2022 M09 29
À force de dire qu'une partie des rappeurs français a perdu la partie face à la créativité galopante de leurs homologues belges, on a fini par oublier de mettre du respect sur les noms d’une scène suisse en pleine ébullition : Makala, Mairo, Di-Meh, Rico KT, Rounhaa, Varnish La Piscine… Ce sont pourtant eux qui envoient les traditions dans les cordes. Eux qui travaillent au corps une nouvelle génération d’auditeurs avec des propositions musicales hybrides, parfois techniques, souvent énergiques, et toujours plus tordues qu’on ne pourrait le croire. Depuis environ huit ans, Slimka entretient brillamment cette tradition, en même temps que la vitalité du hip-hop, cette musique fondée sur l’avancée perpétuelle et la toute-puissance de la nouveauté.
Aussi à l’aise en studio et en freestyle que sur scène, le rappeur helvétique a pris le temps de construire son projet : avec « Tunnel Vision », sorti en 2021, il est même le dernier membre de la SuperWak Clique (Makala, Di-Meh) à avoir sorti un album. À raison : là où tant d’artistes tentent le long-format une fois l’attention des médias acquise, Slimka a préféré brouiller les pistes, multiplier les pseudos (George de la Dew et Diego), s’engager socialement pour sa ville (Genève) et digérer ses multiples influences, musicales et culturelles - Slimka est né d'une mère italo-allemande et d'un père sénégalo-malien.

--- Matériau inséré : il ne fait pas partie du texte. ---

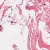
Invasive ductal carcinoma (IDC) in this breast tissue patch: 0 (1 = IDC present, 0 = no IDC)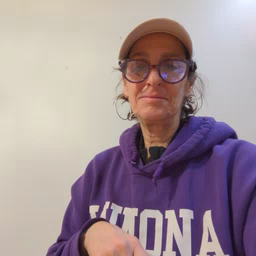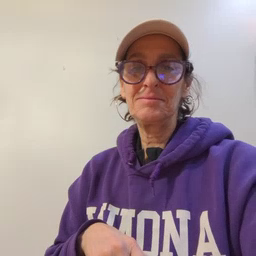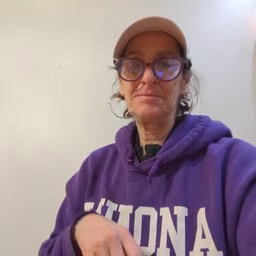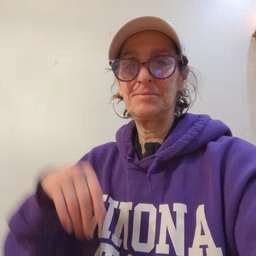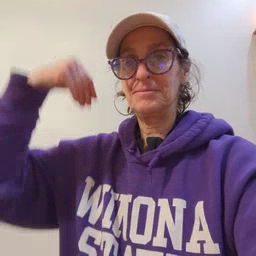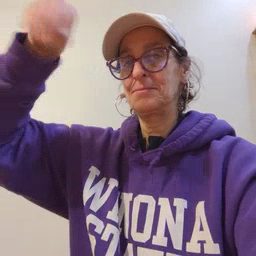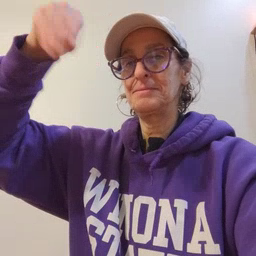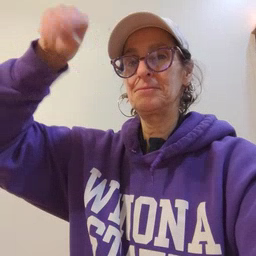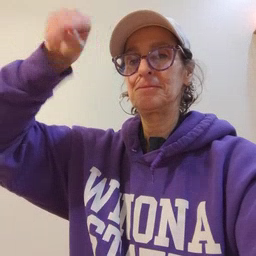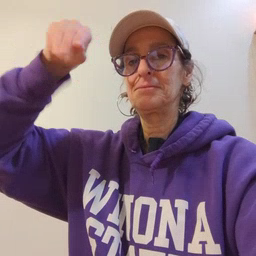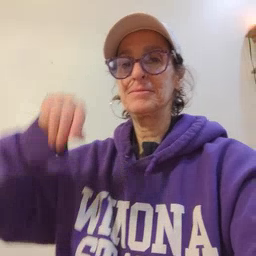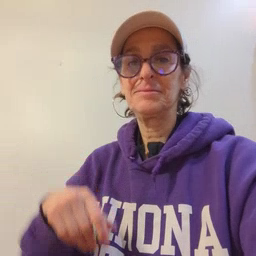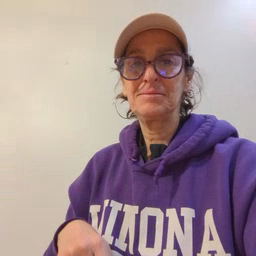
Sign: store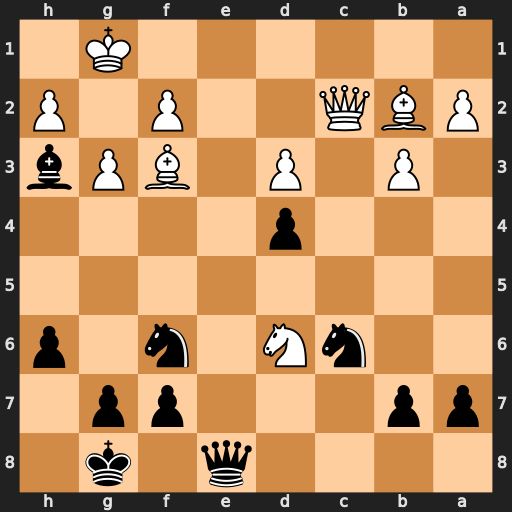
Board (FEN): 4q1k1/pp3pp1/2nN1n1p/8/3p4/1P1P1BPb/PBQ2P1P/6K1
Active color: b
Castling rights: -
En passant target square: -
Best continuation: Qe1#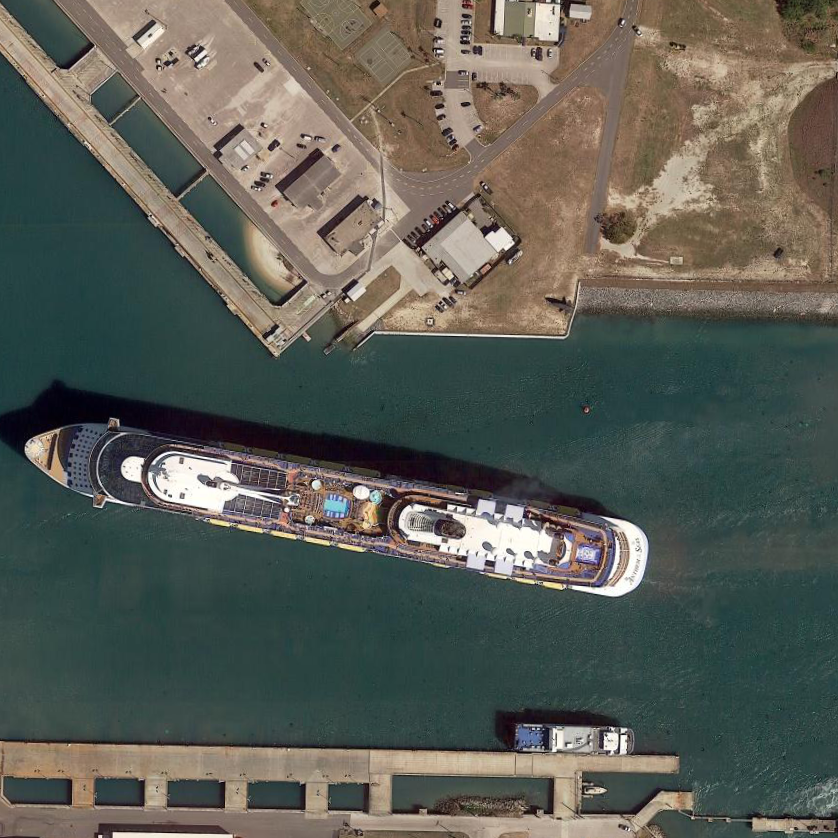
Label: Megayacht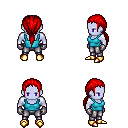
a pixel art fantasy rpg character, male body template, dark elf, purple skin, teal pirate shirt, metal pants, red ponytail hairstyle, metal gloves, gold boots, four views (front, back, left, right), 2x2 character sprite sheet, small pixel art, hard edges, no anti-aliasing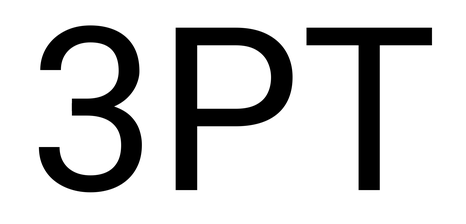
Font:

Résultat : à défaut d'être un disque apte à marquer les esprits, « Tunnel Vision » contenait suffisamment d'idées, de fouge, d'expérimentations et de variations dans le flow pour être autre chose qu'une simple curiosité rapidement oubliée, ce petit truc en plus à même de faire passer un manque de profondeur pour de la candeur juvénile.
Malgré la sortie de « Tunnel Vision », Slimka a gardé le même rythme de production, la même soif de créativité : « J’ai voyagé, j’ai fait de la musique, j’ai vécu, j’ai fait de la musique, explique-t-il. La musique est constamment avec moi, elle m’aide à avancer et atteindre un new level chaque jour. » Le voici donc de retour avec « 6KLOP », un 4-titres en partie produit Davy One (Kalash Criminel, Maes ou Wejdene) et le Suisse lui-même.
Véritable boule de nerfs, ce nouvel EP débute par Best Life, un mini-banger plus adapté à des pogos qu’à des danses sexy et se conclut sur un Boryngo à la production étouffante. Entre les deux, Clark Kent et Ace, deux morceaux dotés d'une vraie musicalité, sans réelles fulgurances littéraires mais symboliques d’une interprétation dynamique, changeante et capable d’incarner les élans égotrips d’un rappeur toujours fascinant lorsqu’il opte pour l’autodérision : « La mentalité, chez moi, ce n'est que gagner/ Mettre tout c'que j'veux dans le panier, m'acheter une Maybach, la casser comme Kanye ».